2. Have Conversations With Your Partner About Them/You Leaving
It sounds like a no brainer, but you need to get your feelings off your chest when it comes to something as big as this. It’s normal to have doubts and be afraid to talk about it because you fear their reaction, but you’ll be kicking yourself when you’re saying it for the first time on Skype and they’re not there to hug you.
My ex and I would often talk about our fears and feelings about making a long distance relationship work, but it helped us come up with somewhat of a game plan for when he did leave. I shed a lot of tears the days leading up to our final goodbye, and a lot more after he left. It’s okay to be vulnerable and to be upset. You’re going to miss each other!
3. Have A Game Plan
Try to set a schedule for the both of you where you can coordinate a phone call or Facetime chat whenever works best for you. If one of you is working odd hours or has late classes every day, pick a weekly time that works for both you. Even if it’s for 5 minutes, it’s better than nothing.
In my own long distance situation we were both in school so we didn’t get to talk much during the day. Every night before bed we’d call each other. Some days the conversations were two hours long, others they were only two minutes. We found what worked for other people didn’t always work for us so we had to make our own “rules.”
4. Make Visits When You Can
If you have the accessibility and the time, take the jump and spend a few days together. Try to make your visits not too close together or else it won’t feel nearly as special.

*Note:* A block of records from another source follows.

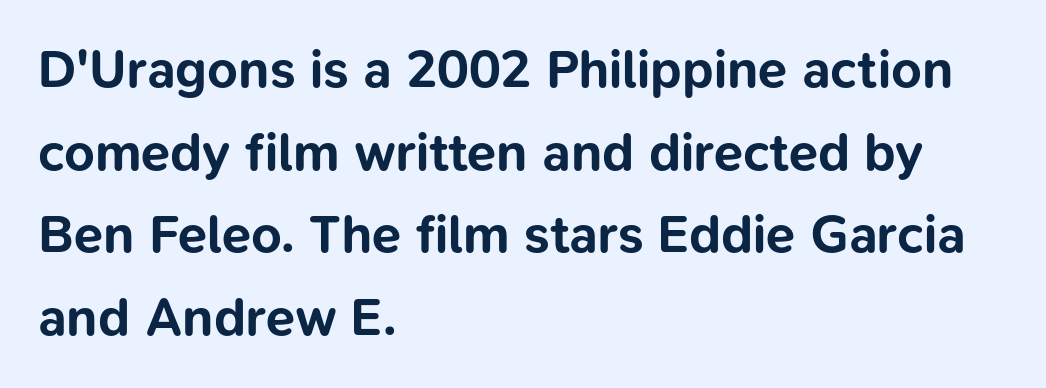
{"serif": "no", "italic": "no", "bold": "yes", "weight": "bold", "width": "normal", "stroke_contrast": "low", "x_height": "medium", "monospaced": "no", "underline": "no", "align": "left", "line_spacing": "normal", "line_spacing_ratio": 1.56, "letter_spacing": "normal", "letter_spacing_em": 0.0, "glyph_px": 53}
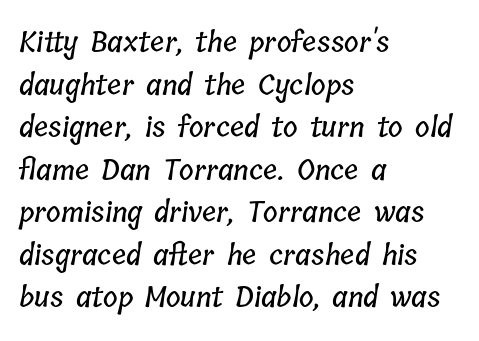
The image shows 28 px condensed type; set left-aligned, normal line spacing (1.52x), normal letter spacing, not underlined; low stroke contrast and a medium x-height.
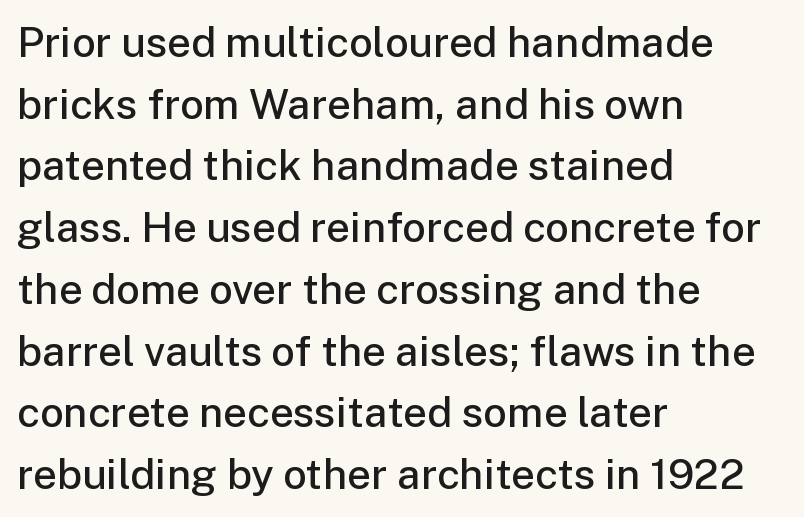
{"serif": "no", "italic": "no", "bold": "semi", "weight": "semibold", "width": "normal", "stroke_contrast": "low", "x_height": "medium", "monospaced": "no", "underline": "no", "align": "left", "line_spacing": "normal", "line_spacing_ratio": 1.47, "letter_spacing": "normal", "letter_spacing_em": 0.0, "glyph_px": 42}
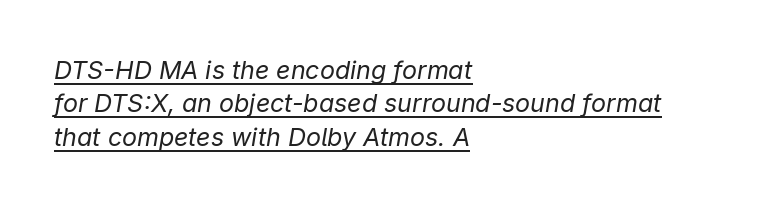
The image shows 25 px text type, italic (leaning right); set left-aligned, normal line spacing (1.34x), normal letter spacing, underlined.

The longer you spend apart, the better your time will be when you’re reunited.
Because we were both in school, my boyfriend and I timed it out so that we would see each other every 7 weeks or so. I flew to see him at reading week, then he came home for Christmas break six weeks later. In the second semester I flew to see him eight weeks into the semester, then he came home for his reading week. You have some of your best memories on these mini vacations, and having consistent stretches of time apart makes it easier.
5. Keep Communicating
The second you stop communicating in a relationship you’ll start noticing problems. If you and your significant other already have issues keeping in contact with each other, then distance will be extremely difficult. Sometimes we rely on physical interaction to keep our relationships going, but when you aren’t able to have that, sadly you’re going to have to rely on technology. Luckily it’s easy to keep in contact these days.
6. Trust Them
Trust is a big thing in any relationship, but obviously when you’re not always there your mind can begin to think the worse. If you already have a history of not trusting your partner, than dating through distance might not be the best for you. It’ll take a huge toll on you emotionally and will only cause bigger fights between you two.

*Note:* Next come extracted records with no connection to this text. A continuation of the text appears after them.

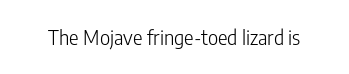
Posture: upright roman. Short note: letters normally spaced. The weight would be labelled regular, book, light, or lighter still. Lines of text with bare space underneath.
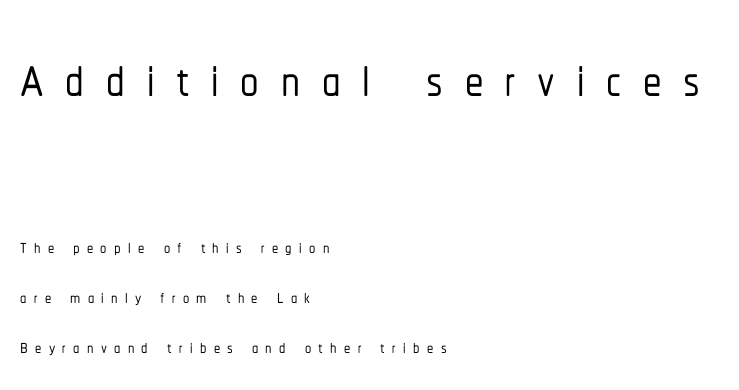
Q: Is the text italic (slanted)? A: No, it is upright.
Q: Is the typeface a serif or a sans-serif typeface? A: Sans-serif.
Q: Is the text underlined? A: No.
Q: How is the paragraph aligned? A: Left-aligned.
Q: Is the spacing between letters normal or unusually wide? A: Unusually wide.
Q: Is the spacing between lines tight, normal or loose? A: Loose.
Q: Which block of text is set in a larger size, the first (top) or the second (bottom)? A: The first (top) one.
Q: Width (condensed, normal, or wide)? A: Condensed.
Q: Stroke contrast? A: Low.
Q: x-height? A: Medium.
Q: Monospaced? A: No.
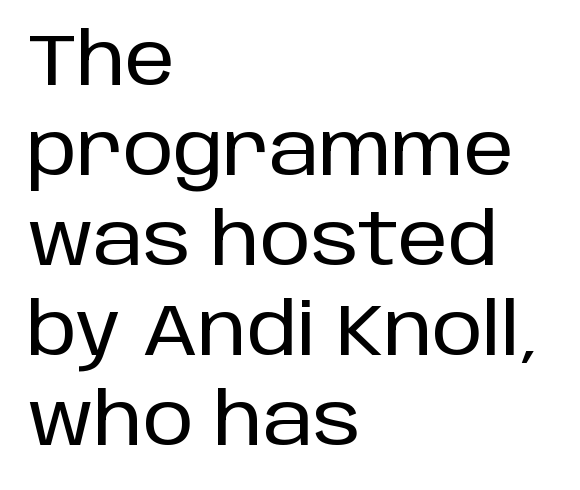
The image shows 72 px sans-serif type, upright; set left-aligned, normal line spacing (1.25x), normal letter spacing, not underlined; low stroke contrast and a large x-height.
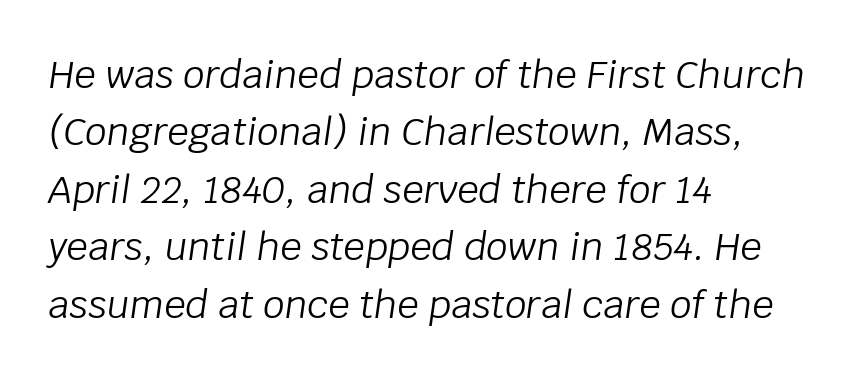
The image shows 38 px light type, italic (leaning right); set left-aligned, normal line spacing (1.51x), normal letter spacing, not underlined; low stroke contrast and a large x-height.
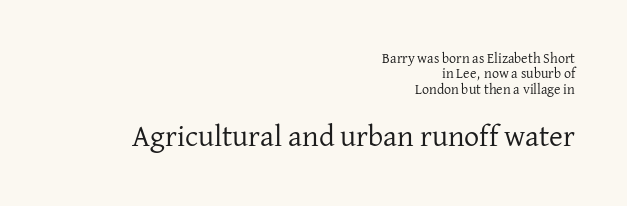
Weight class: somewhere from thin through regular. Descender tails drop into unmarked territory. How are the letters spaced? Ordinarily, with no added tracking. The vertical gap from one line to the next is small. Compare the two chunks: the lower has the greater cap height.
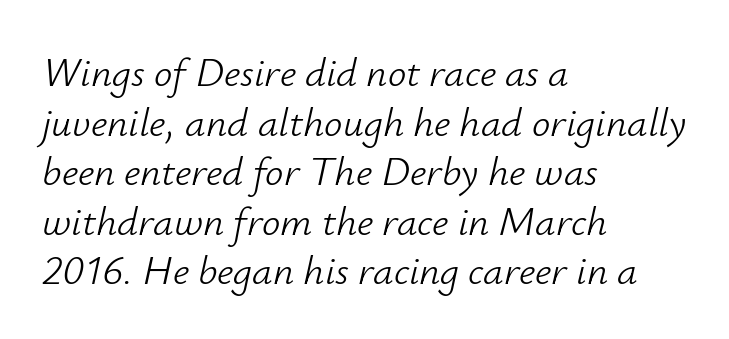
The image shows 41 px light type, italic (leaning right); set left-aligned, line spacing 1.21x, normal letter spacing, not underlined; low stroke contrast and a small x-height.
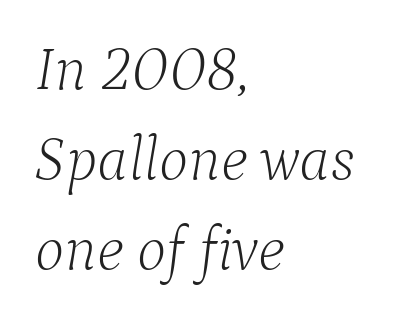
{"serif": "yes", "italic": "yes", "lean": "right", "slant_degrees": 9, "bold": "no", "weight": "light", "width": "normal", "stroke_contrast": "low", "x_height": "medium", "monospaced": "no", "underline": "no", "align": "left", "line_spacing": "normal", "line_spacing_ratio": 1.45, "letter_spacing": "normal", "letter_spacing_em": 0.0, "glyph_px": 62}
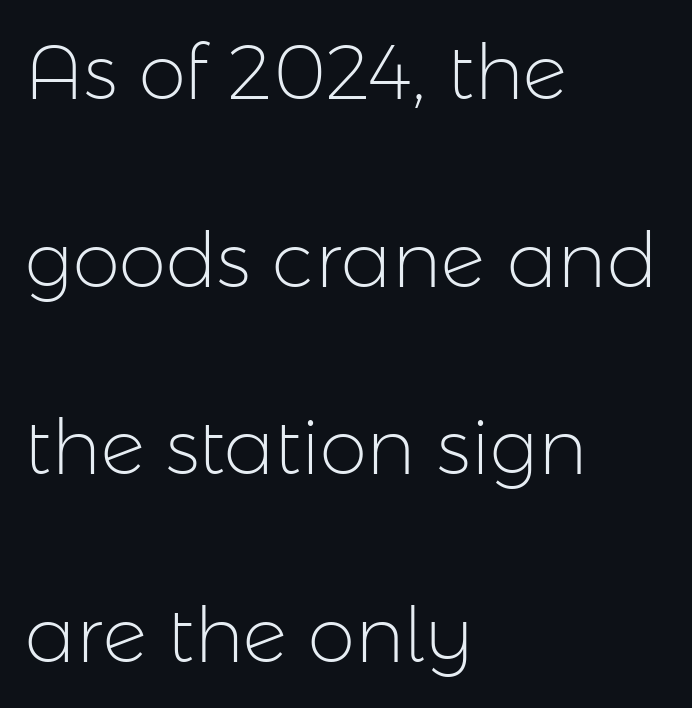
Q: Is the text bold? A: No.
Q: Is the text italic (slanted)? A: No, it is upright.
Q: Is the typeface a serif or a sans-serif typeface? A: Sans-serif.
Q: Is the text underlined? A: No.
Q: How is the paragraph aligned? A: Left-aligned.
Q: Is the spacing between letters normal or unusually wide? A: Normal.
Q: Is the spacing between lines tight, normal or loose? A: Loose.
Q: Width (condensed, normal, or wide)? A: Normal.
Q: Stroke contrast? A: Low.
Q: x-height? A: Medium.
Q: Monospaced? A: No.
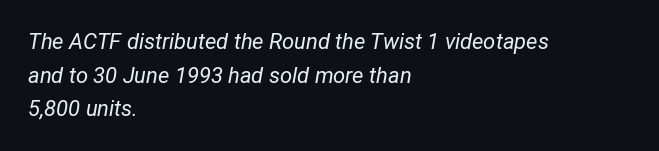
The image shows 22 px text type, italic (leaning right); set left-aligned, normal line spacing (1.53x), normal letter spacing, not underlined.
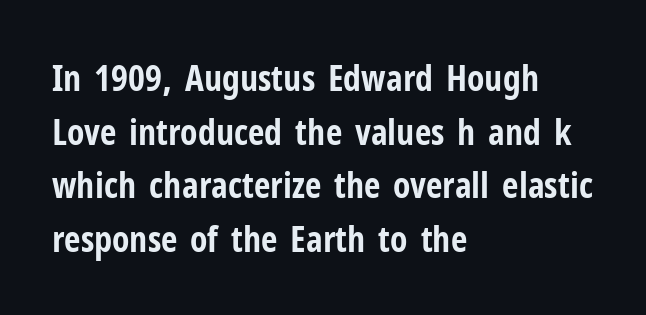
The space directly below the letters is spotless. Horizontally, the lines are justified to the leading edge only. This sample uses plain, unmodified letter spacing. Bold? Absolutely — the strokes are thick and heavy.

I don’t think I could have lasted in my LDR if I didn’t trust him. I knew he wasn’t a real party boy, or one to get too close to women. He had his friends and I had mine, and we were both okay with that. Not once did we ever question each other, or even come close to it.
7. Do What Works Best For You
Moral of the story: what one couple finds helpful, may not work well for another. Every couple is different and has a unique bond that brings them together. Be open to taking suggestions, like these, but don’t be afraid to try experimenting ways to make it work better for you!

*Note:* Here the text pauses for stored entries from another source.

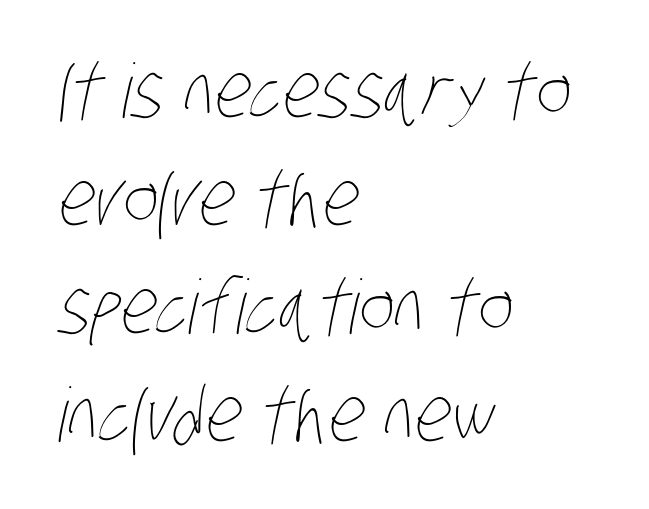
The image shows 75 px thin, condensed type; set left-aligned, normal line spacing (1.44x), normal letter spacing, not underlined; low stroke contrast and a large x-height.
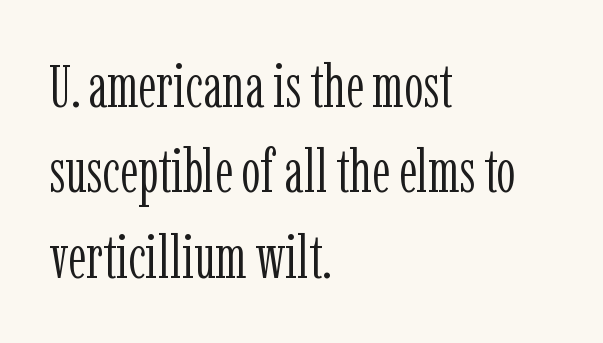
The image shows 61 px light, condensed serif type, upright; set left-aligned, normal line spacing (1.4x), normal letter spacing, not underlined; low stroke contrast and a medium x-height.
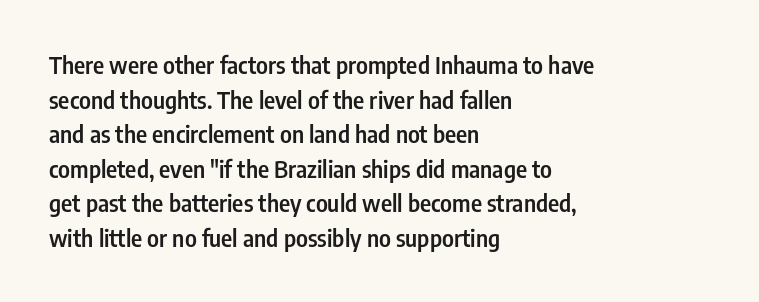
The image shows 24 px text type, upright; set left-aligned, normal line spacing (1.44x), normal letter spacing, not underlined.
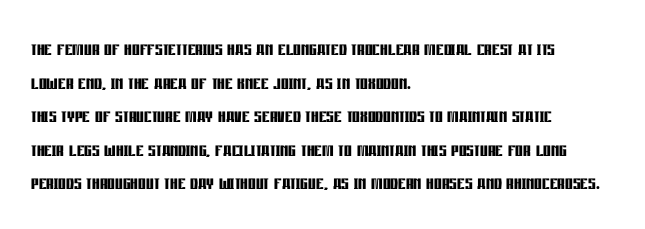
Any mark beneath the type? The region is blank. Regular leading. The face used here is rendered with its standard letterfit. These words are printed bold, with thick strokes throughout. Italic? Not at all — the glyphs are vertical. Left-aligned paragraph, ragged on the right.
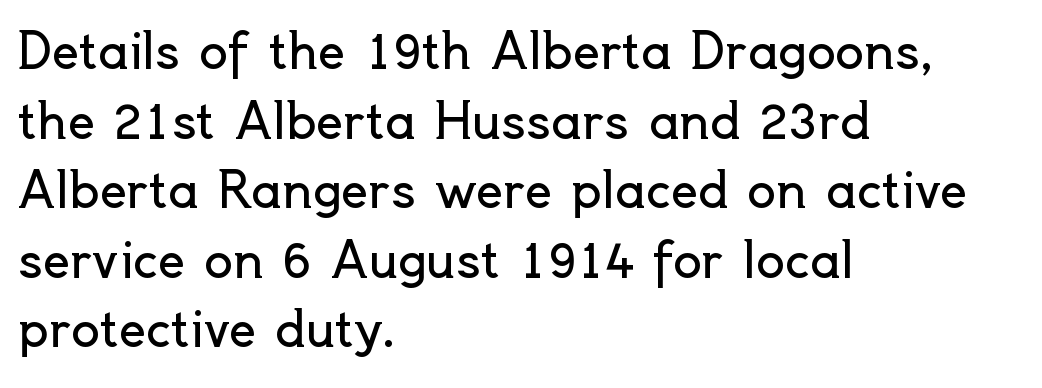
Q: Is the text bold? A: No.
Q: Is the text italic (slanted)? A: No, it is upright.
Q: Is the typeface a serif or a sans-serif typeface? A: Sans-serif.
Q: Is the text underlined? A: No.
Q: How is the paragraph aligned? A: Left-aligned.
Q: Is the spacing between letters normal or unusually wide? A: Normal.
Q: Is the spacing between lines tight, normal or loose? A: Normal.
Q: Width (condensed, normal, or wide)? A: Normal.
Q: x-height? A: Small.
Q: Monospaced? A: No.
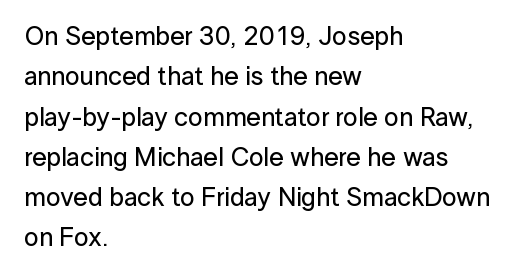
The image shows 26 px text type, upright; set left-aligned, normal line spacing (1.55x), normal letter spacing, not underlined.
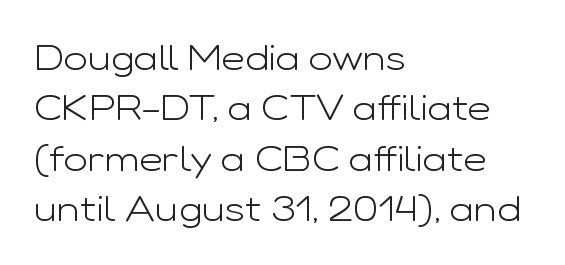
The image shows 36 px light, wide sans-serif type, upright; set left-aligned, normal line spacing (1.4x), normal letter spacing, not underlined; low stroke contrast and a medium x-height.
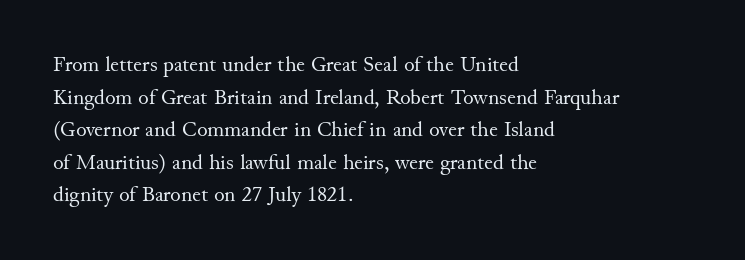
{"italic": "no", "bold": "no", "underline": "no", "align": "left", "line_spacing": "normal", "line_spacing_ratio": 1.48, "letter_spacing": "normal", "letter_spacing_em": 0.0, "glyph_px": 22}
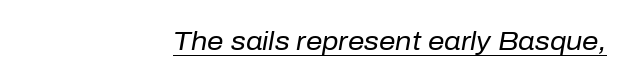
Letter spacing: default. The typography opts for an oblique posture over an upright one. Is this a heavy cut? Hardly; it is regular or lighter. Visually the block forms a straight wall on the right and a jagged coastline on the left.

There’s no handbook on the perfect way to tackle dating long distance, there will be fights, moments of weakness where you just need to hear their voice, funny stories you have to share the second you speak, and moments where you cry alone in your room just because you miss their physical presence. I went through an entire school year of it, but my relationship lasted just fine! We did break up eventually, but it was not about the distance between us physically, it was due to other reasons, but we beat the odds together.
When both parties are willing to stay committed to each other and remain faithful, there is no reason why your relationship shouldn’t work. If you love the person, you will keep that flame going without a doubt.